Task :: The required output is the line containing "cover by kind: coniferous" through the final line of the material below, printed exactly, with no other lines.
---------- Input for this task ----------
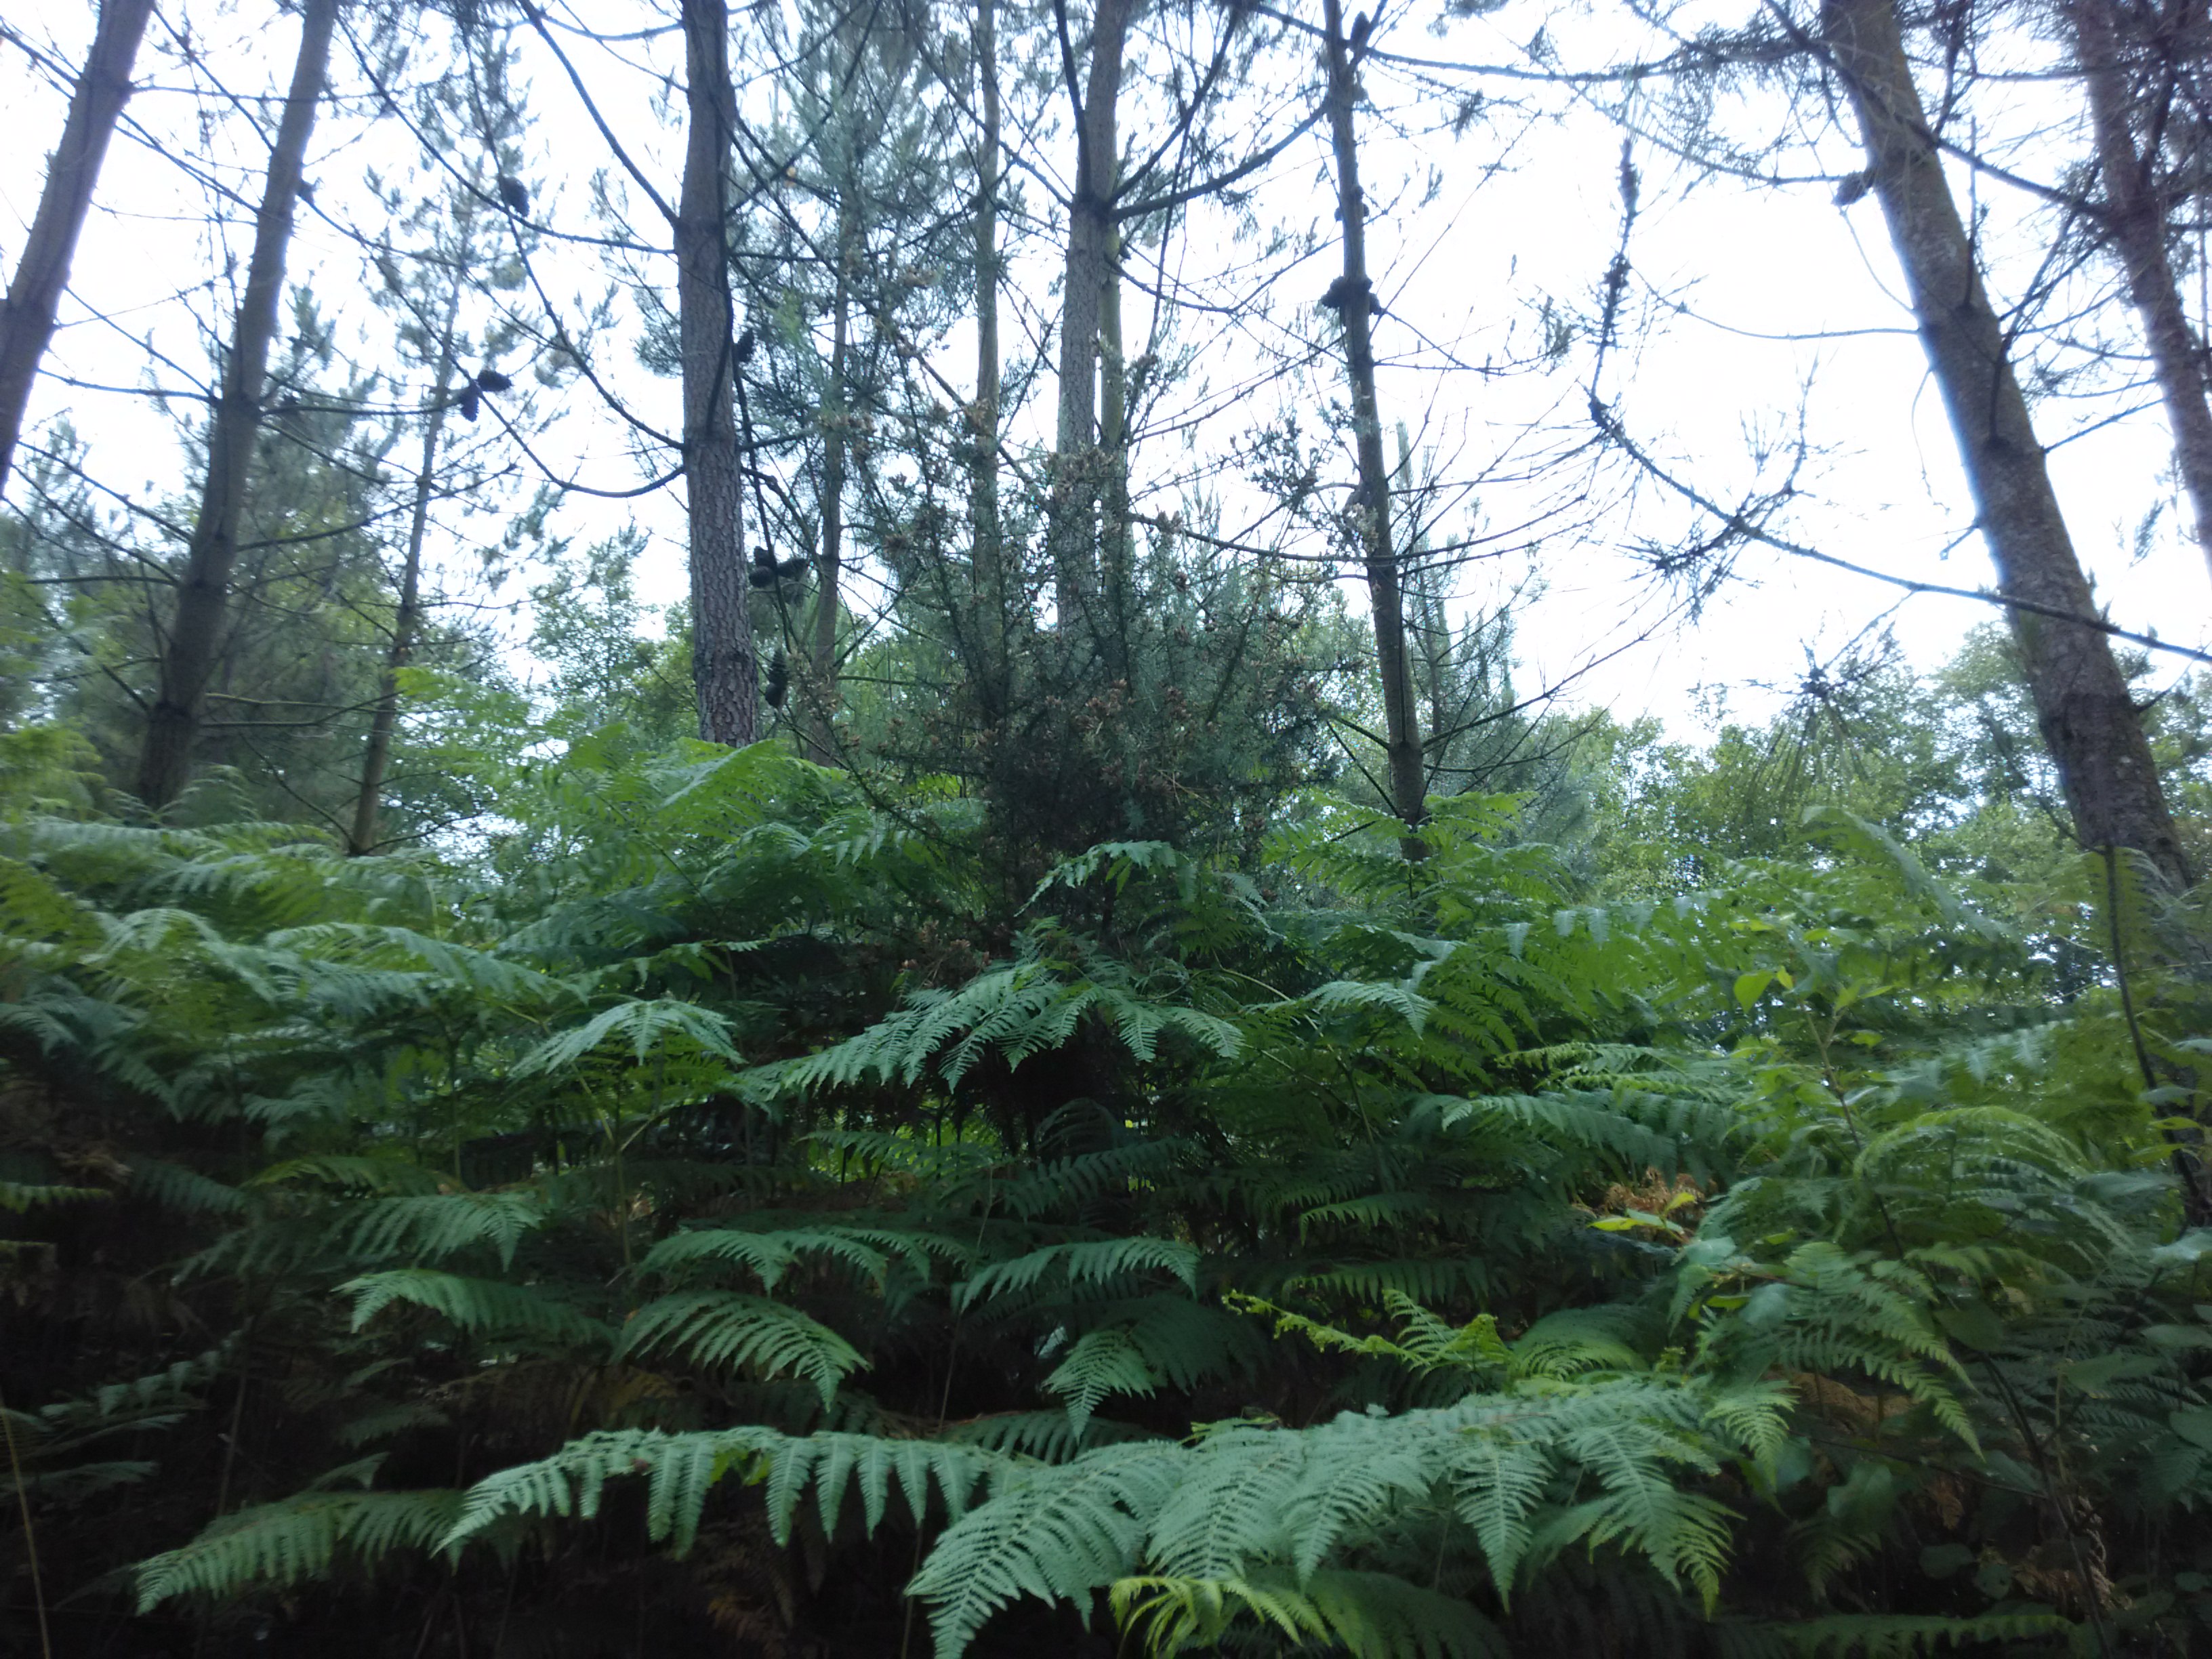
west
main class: Woodland
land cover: Pine dominated coniferous woodland
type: exotic forest
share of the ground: > 75 %
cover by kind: coniferous forest trees 90 %, unconsolidated bare surface 10 %
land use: Forestry
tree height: > 5 m
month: July
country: ES
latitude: 43.0934
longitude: -2.3969
----------
Written reply ::
cover by kind: coniferous forest trees 90 %, unconsolidated bare surface 10 %
land use: Forestry
tree height: > 5 m
month: July
country: ES
latitude: 43.0934
longitude: -2.3969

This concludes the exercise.